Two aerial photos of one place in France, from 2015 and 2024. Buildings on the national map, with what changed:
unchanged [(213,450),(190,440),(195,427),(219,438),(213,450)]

* * *

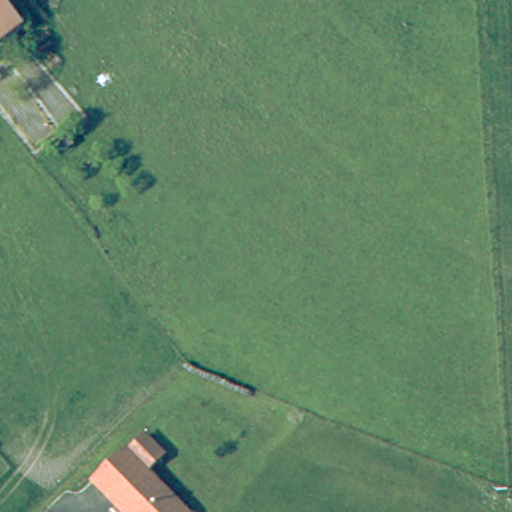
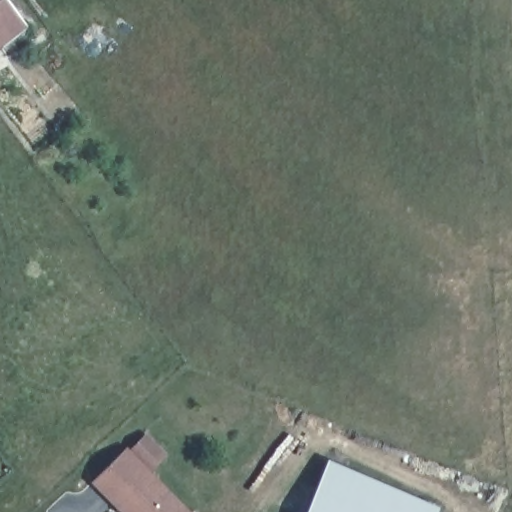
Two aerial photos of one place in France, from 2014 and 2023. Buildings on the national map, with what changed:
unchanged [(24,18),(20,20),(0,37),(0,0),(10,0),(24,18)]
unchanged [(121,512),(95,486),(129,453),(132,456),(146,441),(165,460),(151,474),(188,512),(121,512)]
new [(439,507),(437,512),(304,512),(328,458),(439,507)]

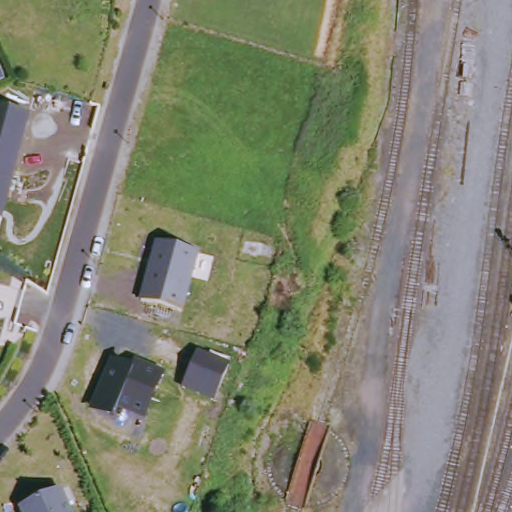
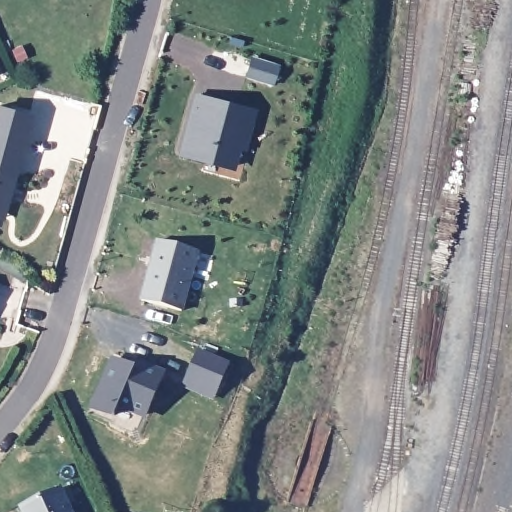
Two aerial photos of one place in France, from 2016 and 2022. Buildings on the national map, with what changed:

*Required work*
Repeat, without pictures, exactly the lines of the data above from the one containing "Two aerial photos of one place in France, from 2014" through the one containing "Two aerial photos of one place in France, from 2016", including both and adding nothing.

*Problem solution*
Two aerial photos of one place in France, from 2014 and 2023. Buildings on the national map, with what changed:
unchanged [(24,18),(20,20),(0,37),(0,0),(10,0),(24,18)]
unchanged [(121,512),(95,486),(129,453),(132,456),(146,441),(165,460),(151,474),(188,512),(121,512)]
new [(439,507),(437,512),(304,512),(328,458),(439,507)]

Two aerial photos of one place in France, from 2016 and 2022. Buildings on the national map, with what changed:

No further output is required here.